Der Schriftsteller Michael Köhlmeier sagte in einem profil-Interview: „Ich hörte Kurz noch nie anders reden als in Phrasen. Nie ein Stolpern beim Sprechen, das darauf schließen ließe, dass er während des Redens am Denken ist. Kurz spricht in einer Abfolge vorgefasster Formeln.“ Allerdings erreicht er damit das Publikum. Mehr muss ein Politiker nicht können. Wer seine Botschaft kontrollieren will, muss sie einfach gestalten. Komplexität verwirrt, das KISS-Prinzip („Keep it short and simple“) wirkt. „Kurz verwendet nie ausgefallene Worte, gewagte Formulierungen, rhetorische Kunststückchen“, analysierte profil schon 2018. Wenn er sie doch verwendet, tut er es gezielt. In Interviews Ende Juli kritisierte Kurz die Pläne von Umweltministerin Leonore Gewessler, Infrastrukturprojekte neu zu evaluieren, und erklärte, die Klimakrise sei auch ohne Verzicht zu lösen: „Ich bin überhaupt nicht der Meinung, dass unser Weg zurück in die Steinzeit sein sollte.“ Dazu schwor er, unter ihm würde es keinen „Klima-Lockdown“ geben. Für Kurz´sche Standards waren beide Formulierungen hochoriginell. Und noch selten wurden Maßnahmen gegen den Klimawandel öffentlich derart plump diskreditiert.
Der ÖVP-Bundesparteiobmann ist ein Generalist ohne Spezialwissen. Auch seine Vorgänger waren Berufspolitiker, hatten aufgrund ihrer Laufbahn aber spezifische Kenntnisse. Wolfgang Schüssel und Reinhold Mitterlehner waren vor ihren Ministerämtern Generalsekretäre im ÖVP-Wirtschaftsbund, Josef Pröll Direktor des schwarzen Bauernbunds, Michael Spindelegger Chef des Arbeitnehmerbundes ÖAAB. Sebastian Kurz war Obmann der Jungen ÖVP. Dort erwarb er keine Sach-, aber umso mehr Machtkenntnisse. Im Werdegang erinnert Kurz mehr an Ex-SPÖ-Kanzler Werner Faymann als etwa an Wolfgang Schüssel.

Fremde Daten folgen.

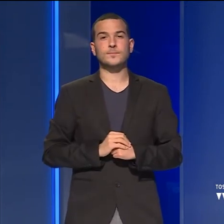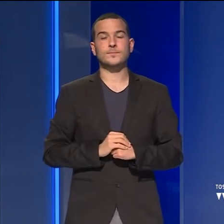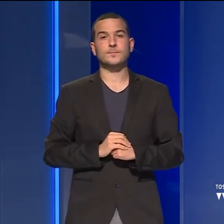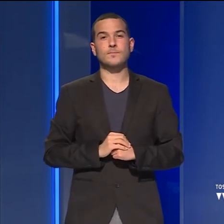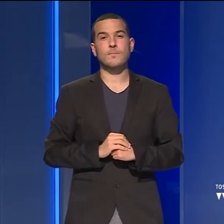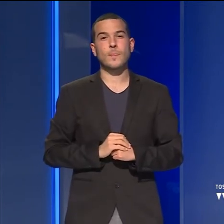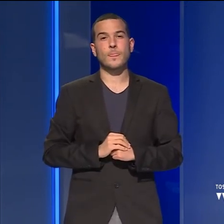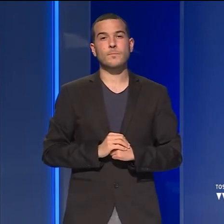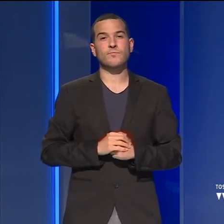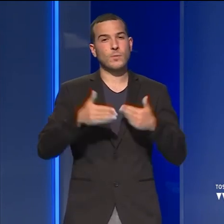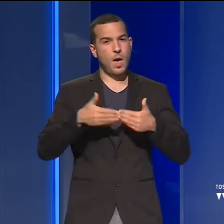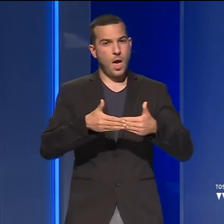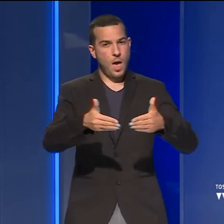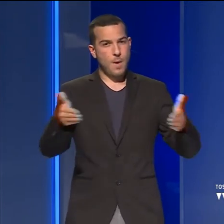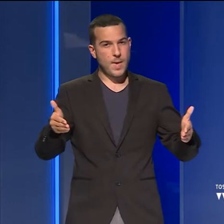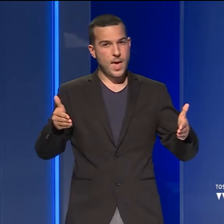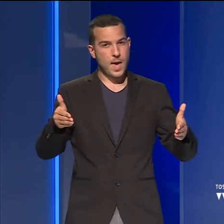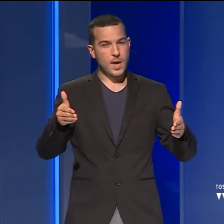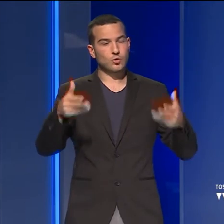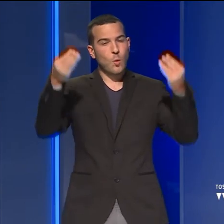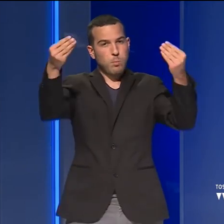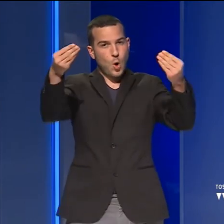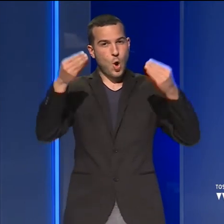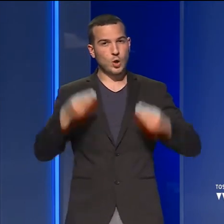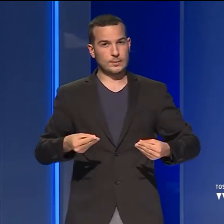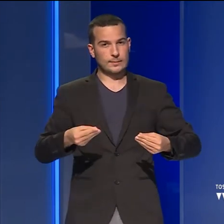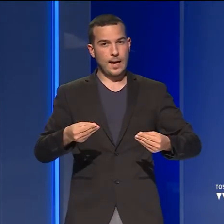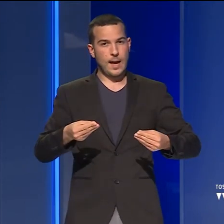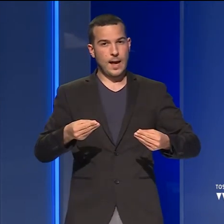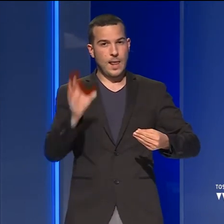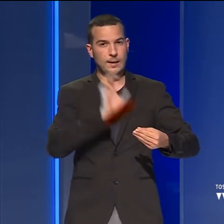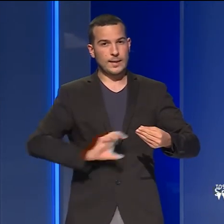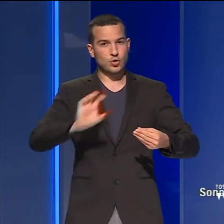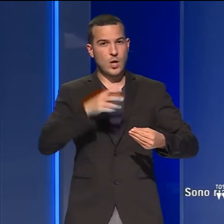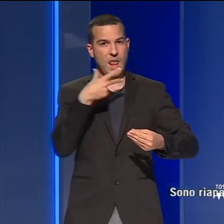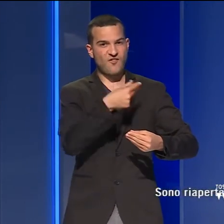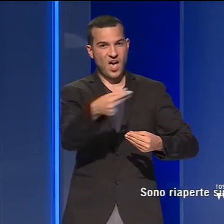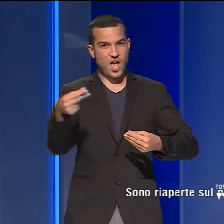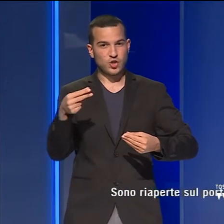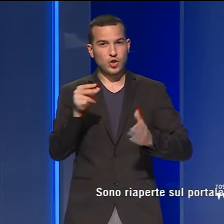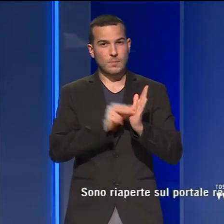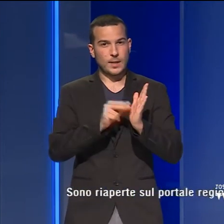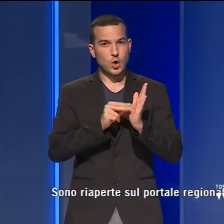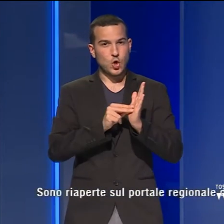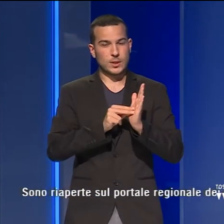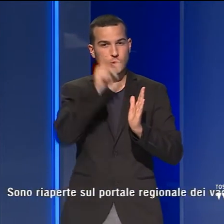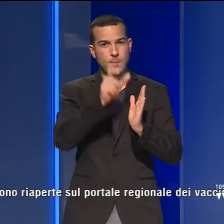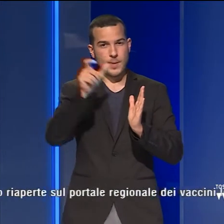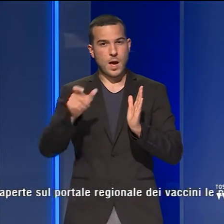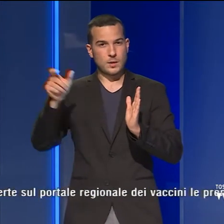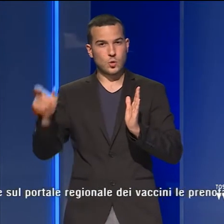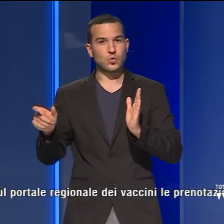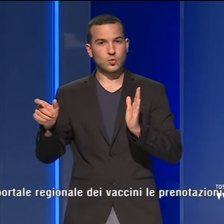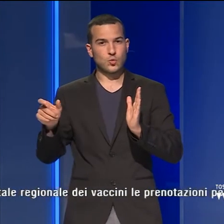Sono riaperte sul portale regionale dei vaccini le prenotazioni per le persone che appartengono alle

Der letzte ÖVP-Kanzler vor Kurz lud Philosophen zum Gedankenaustausch ins Kanzleramt. Sebastian Kurz schätzt Tatkraft, nicht Konzeptionen. Er ist ein ÖVP-Obmann, der eigentlich kein Parteiprogramm braucht. Das aktuell gültige wurde 2015 unter der Regie von Gernot Blümel beschlossen, heute Wiener ÖVP-Obmann, damals Generalsekretär der Partei. An dem Papier arbeiteten die besten Köpfe der Partei mehrere Jahre lang. Am Parteitag in Sankt Pölten wurde ein Leitantrag aus der ÖVP-Zentrale beschlossen, der das türkise Grundsatzprogramm ergänzt. Die „Vision für die politische Arbeit der nächsten Jahre“ fällt dürftig aus. Unter dem Punkt „Für ein sicheres Österreich“ ist zu lesen: „Ein sicheres Österreich bedeutet für uns, dass jeder vor Gewalt und Verbrechen sicher ist.“ Zum Punkt „Für ein erfolgreiches Österreich“: „Die Krise hat uns gezeigt, dass die Digitalisierung Teil unseres Alltags ist.“ Und unter „Für ein lebenswertes Österreich“ wird „Technologieoffenheit anstatt Auto-Feindlichkeit und Straßenstopp“ garantiert. Kürzer und würziger hätte es auch FPÖ-Chef Herbert Kickl nicht formulieren können.
Von Erhard Busek, Bundesparteiobmann von 1991 bis 1995, hieß es in der ÖVP spöttisch, er sei „zu gescheit“ für die Politik. Sollte heißen: „zu überheblich“. Wer es schafft, mit 31 Jahren Bundeskanzler zu werden, ist zweifellos hochintelligent. Kurz versteht es, die eigenen Taten („Schließung der Balkanroute“) zu überhöhen, sich selbst aber zurückzunehmen. Nur manchmal, wenn er etwa in Interviews gereizt wird, bricht Arroganz durch.
Schon bei der Übernahme der ÖVP vor vier Jahren machte Kurz die Simplifizierung zur politischen Technik. Vereinfachung bedeutete „Entweder-oder“. Im engsten Kreis um Kurz zirkulierten drei Begriffspaare, an denen die Strategie ausgerichtet wurde: neu/alt; warm/kalt; hell/dunkel. „Neu“ war die türkise ÖVP. „Warm“ bedeutete, die Bürger nicht durch Reformen zu verschrecken. Und „hell“ hieß, harte FPÖ-Positionen zu übernehmen, aber menschlich zu verkaufen.
Das Denken in einfachen Gegensätzen zählt zu Kurz‘ Eigenheiten. In seiner Welt gibt es Frühaufsteher und Langschläfer, Verbündete und Gegner, Gewinner und Verlierer. Bisher lief für den wiedergewählten ÖVP-Obmann alles nach Plan: Die Gegner waren stets auch die Verlierer. Um Kurz zu schlagen, muss man aus ÖVP-Sicht eben früher aufstehen.